Quotiented manifold homeomorphic to a complex projective space?

Question

I define an action on $\mathbb{C}-0 × \mathbb{C^2}-(0,0)$ by $(x,y,z) \mapsto ((1/a)x,ay,az)$ when $a$ is a non zero complex number, I get a manifold by quotienting. Taking element from this quotiented manifold and quotienting back in the projective,I thought it was homeomorphic to a part of the projective space. But now , I'm not sure. I'd like to know if the quotiented manifold is homeomorphic to a part of the projective space $\mathbb{C}P^2$?

Answer 1

$\newcommand{\Cpx}{\mathbf{C}}$Throughout, define an action of $\Cpx^{\times}$ on $\Cpx^{3}$ (or various invariant open subsets) by $$ \phi_{a}(x, y, z) = (x/a, ay, az). $$ (Terms such as "axis" or "plane" refer to complex subspaces.)

Consider the complement of the $x$-axis and the $(y, z)$-plane, $$ U = (\Cpx\setminus\{0\}) \times (\Cpx^{2}\setminus\{(0,0)\}) = \{(x, y, z) : x \neq 0, (y, z) \neq (0, 0)\}; $$ the complement of the $(y, z)$-plane, $$ U' = (\Cpx\setminus\{0\}) \times \Cpx^{2} = \{(x, y, z) : x \neq 0\}; $$ and $V = \Cpx^{3}\setminus\{(0,0,0)\}$.

The orbits of $\phi$ are the origin; the $x$-axis (minus the origin) $\{(x, 0, 0) : x \neq 0\}$; lines (minus the origin) in the $(y, z)$-plane; and "hyperbolas" $\{(x, y, z) \in U : xy = x_{0}y_{0}, xz = x_{0}z_{0}\}$.

The orbit of $\phi$ through an arbitrary point $(x_{0}, y_{0}, z_{0})$ in $U'$ hits the plane $\{x = 1\}$ precisely when $a = x_{0}$, i.e., at $(1, x_{0}y_{0}, x_{0}z_{0})$. Since this plane is clearly a slice of the action, $$ U'/\phi \simeq \Cpx^{2}. $$ (Restricting, $U/\phi \simeq \Cpx^{2}\setminus\{(0,0)\}$.)

So, what if we remove only the origin?

As a set, the quotient $V/\phi$ is (in bijective correspondence with) the complex projective plane. As a topological space, by contrast, $V/\phi$ is not Hausdorff: If $x_{\infty}$ denotes the image of the $x$-axis, then every neighborhood of $x_{\infty}$ meets every neighborhood of each point in the image of the $(y, z)$-plane.

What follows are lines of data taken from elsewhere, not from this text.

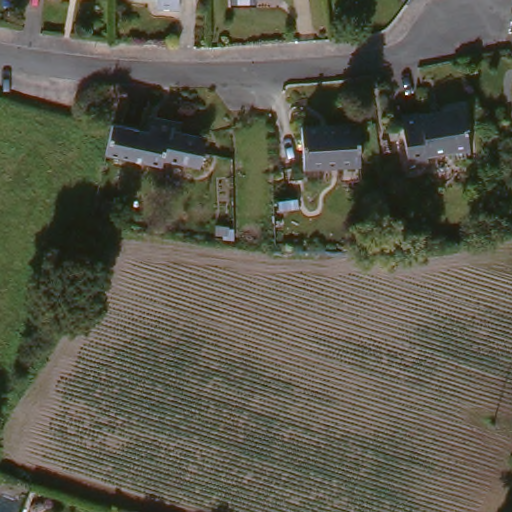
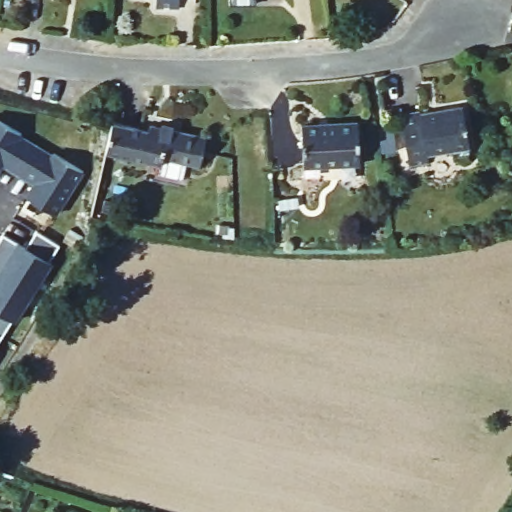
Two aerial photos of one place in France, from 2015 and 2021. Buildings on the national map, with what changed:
unchanged [(421,113),(419,107),(462,101),(469,145),(454,147),(454,139),(428,143),(429,152),(407,155),(402,116),(421,113)]
new [(54,152),(83,171),(55,217),(25,197),(32,186),(1,167),(0,168),(0,118),(54,152)]
unchanged [(361,121),(360,165),(304,164),(304,121),(361,121)]
unchanged [(150,129),(151,125),(162,127),(163,122),(174,125),(173,130),(208,137),(202,165),(164,157),(163,163),(114,153),(107,152),(112,127),(113,122),(150,129)]
new [(3,235),(18,242),(49,261),(17,324),(12,322),(0,341),(0,239),(3,235)]

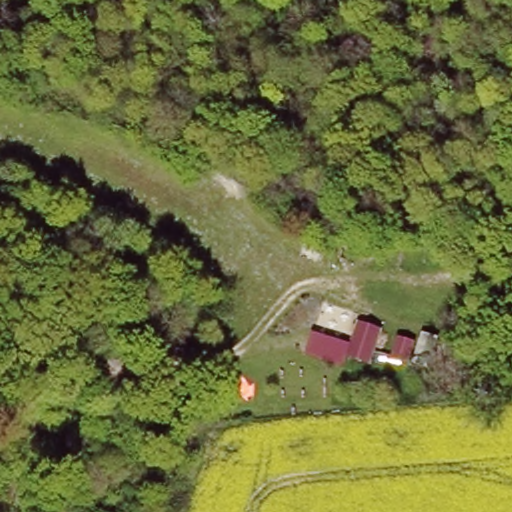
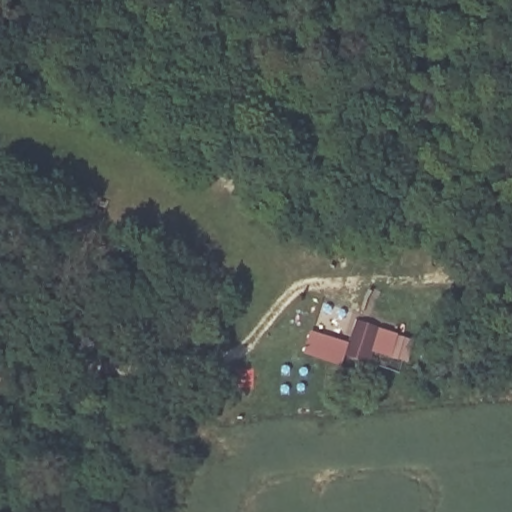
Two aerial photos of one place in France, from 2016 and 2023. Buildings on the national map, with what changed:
unchanged [(322,261),(317,278),(302,274),(307,257),(322,261)]
unchanged [(359,321),(382,329),(370,364),(347,356),(344,366),(306,354),(312,335),(350,347),(359,321)]

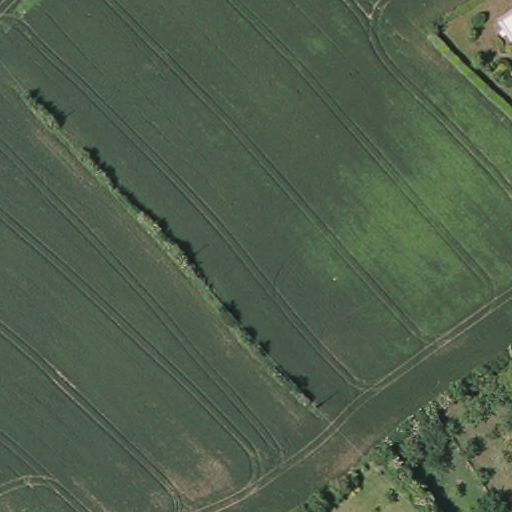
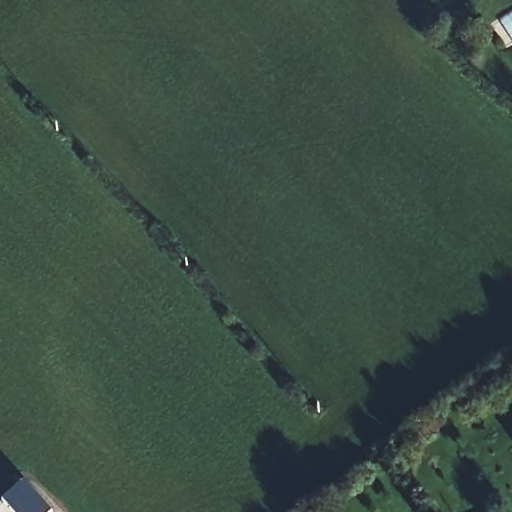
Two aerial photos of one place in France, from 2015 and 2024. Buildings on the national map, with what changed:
new [(50,512),(12,512),(3,501),(23,482),(50,512)]

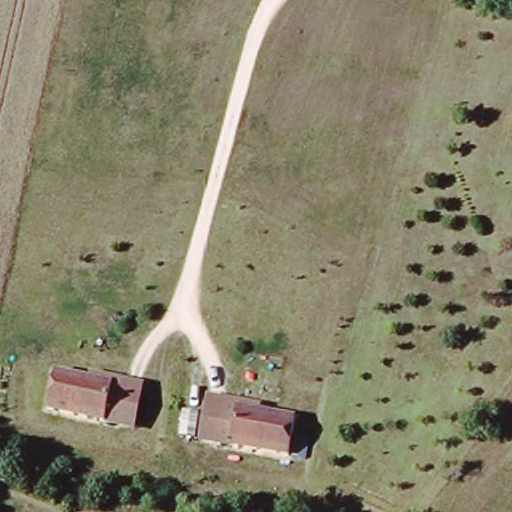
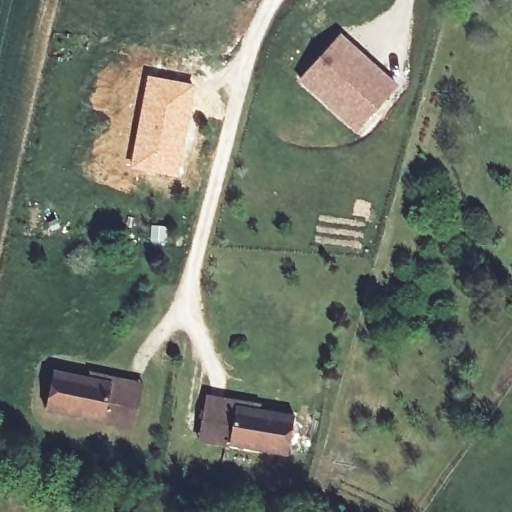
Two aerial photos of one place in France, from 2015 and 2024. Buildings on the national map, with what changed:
new [(397,85),(356,133),(298,81),(340,35),(397,85)]
new [(147,74),(196,84),(179,177),(129,166),(147,74)]
unchanged [(86,379),(87,370),(142,384),(133,432),(44,414),(54,373),(86,379)]
unchanged [(260,407),(260,409),(292,415),(287,459),(196,446),(204,398),(260,407)]

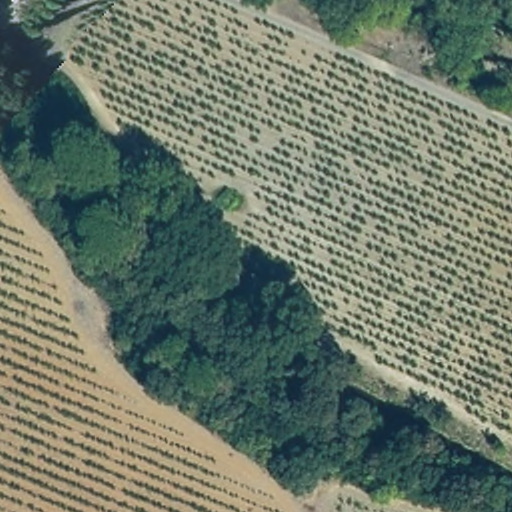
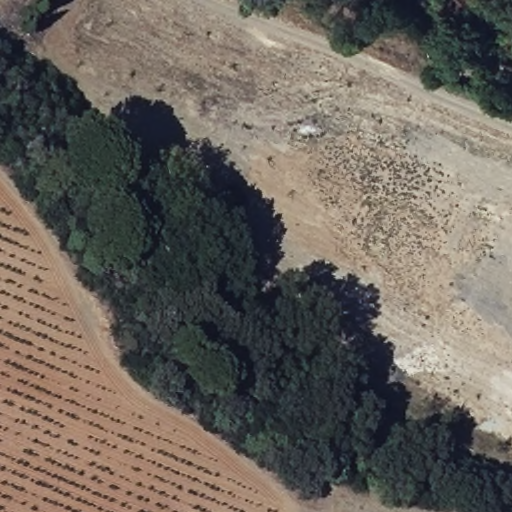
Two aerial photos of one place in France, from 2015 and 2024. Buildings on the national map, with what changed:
unchanged [(241,199),(236,209),(224,201),(227,192),(241,199)]

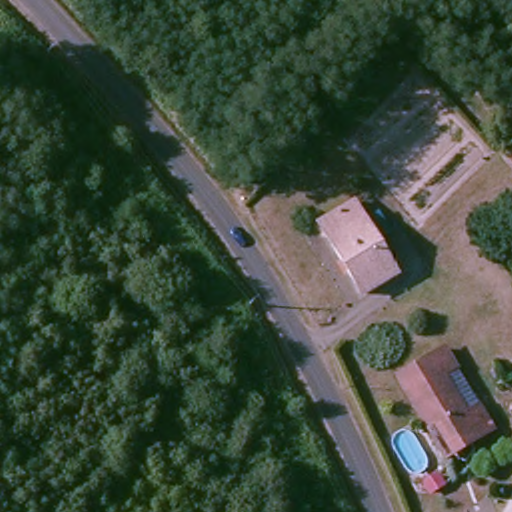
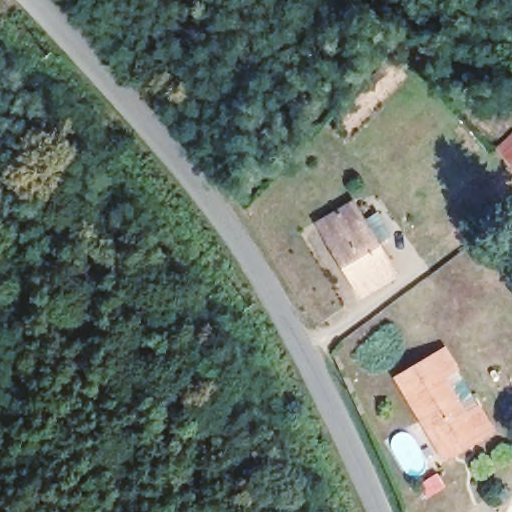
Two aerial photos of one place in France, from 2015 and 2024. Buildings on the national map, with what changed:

The "right" example to consider for intuition is perhaps to let the multiplicative group of non-zero reals act on the real plane minus the origin by $$ \phi_{a}(x, y) = (x/a, ay). $$ The orbits are the two coordinate axes, and the hyperbolas $xy = \text{const}$. The quotient (as a set) is the vertical line $\{x = 1\}$ with one additional point $x_{\infty}$ corresponding to the $y$-axis, but as a topological space the quotient is a line with two origins: Every neighborhood of $x_{\infty}$ meets every neighborhood of the origin, a.k.a., the image of the $x$-axis.